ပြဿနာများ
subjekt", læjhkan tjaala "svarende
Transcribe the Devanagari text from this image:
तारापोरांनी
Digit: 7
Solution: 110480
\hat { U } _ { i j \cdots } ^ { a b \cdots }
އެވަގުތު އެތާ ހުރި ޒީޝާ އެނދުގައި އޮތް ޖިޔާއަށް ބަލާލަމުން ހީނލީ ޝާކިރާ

◇ ◇ ◇ ◇ ◇

What you are asked to do
Could you retype exactly the lines from the one containing "Transcribe the Devanagari" through the final line of the data above, and no others?

Response for this exercise
Transcribe the Devanagari text from this image:
तारापोरांनी
Digit: 7
Solution: 110480
\hat { U } _ { i j \cdots } ^ { a b \cdots }
އެވަގުތު އެތާ ހުރި ޒީޝާ އެނދުގައި އޮތް ޖިޔާއަށް ބަލާލަމުން ހީނލީ ޝާކިރާ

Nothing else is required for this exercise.